Getting ready to till the garden

The idea of testing the water is more about trying naturism out before making a decision whether a person decided to continue exploring the possibilities or to retreat back into what I can only call, normal life. Quite a few tell me that naturism is normal life. The idea is that naturists, or call them whatever, do normal things just like normal people. The only difference is that they do some of those things while nude. Now, you know as well as I do that “normal” is defined as that which is the “norm. If you live in a naturist year-round community, being nude is normal in all senses of the word. However if you are significantly in the minority then you aren’t “normal.”

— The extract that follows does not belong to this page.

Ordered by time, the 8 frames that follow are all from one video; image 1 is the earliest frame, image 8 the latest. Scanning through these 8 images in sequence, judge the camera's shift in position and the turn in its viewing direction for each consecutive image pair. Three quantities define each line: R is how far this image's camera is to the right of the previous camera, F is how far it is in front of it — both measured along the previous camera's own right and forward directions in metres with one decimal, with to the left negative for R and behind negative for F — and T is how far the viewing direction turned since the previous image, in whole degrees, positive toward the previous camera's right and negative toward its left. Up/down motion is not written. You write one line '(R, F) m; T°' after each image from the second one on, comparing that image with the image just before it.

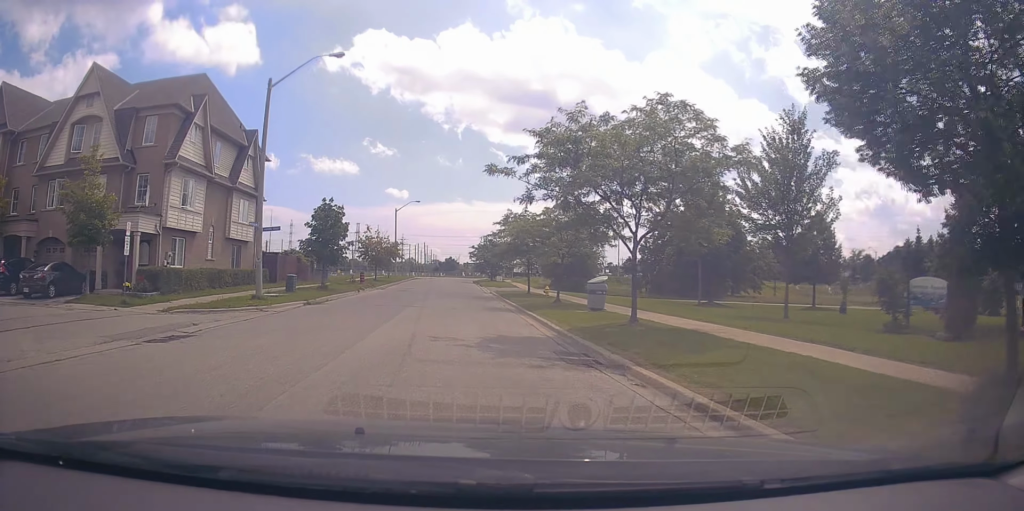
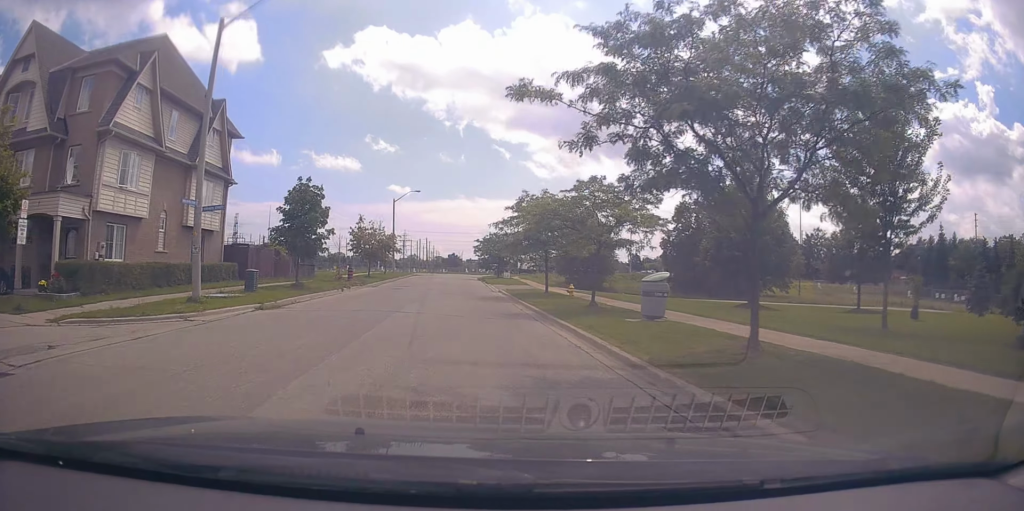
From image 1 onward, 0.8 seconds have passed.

All of that aside, things change and what is normal at one point in time is abnormal in another era. Men in tights with wigs and makeup was normal for one class of people several hundred years ago – for a minority mind you, but the peasants opinions didn’t count. Along the upper reaches of the Amazon River, being nude was the norm. But, as much as National Geographic might try to persuade you, it isn’t the norm anymore. The kids now go to schools and wear clothes. The adults do get nude, especially if there is money to be made from tourists. I got to visit one of these small tribes. It is still rustic and primitive for the most part, but civilisation has begun to change them.

It is with this hope that with some effort and encouragement, we might just get more people to test the waters of naturism with the result that we finally reach the point where nude people are closer to normal status. Will there ever be a time when clothing will not be a significant part of our culture? Not in my lifetime or the lifetime of my “as of yet” born great-grandchildren. Being honest with oneself about this fact lets us accept that what little time and place and space we have for nude time, is to be treasured. To waste time on becoming missionaries is just that, “wasted time.”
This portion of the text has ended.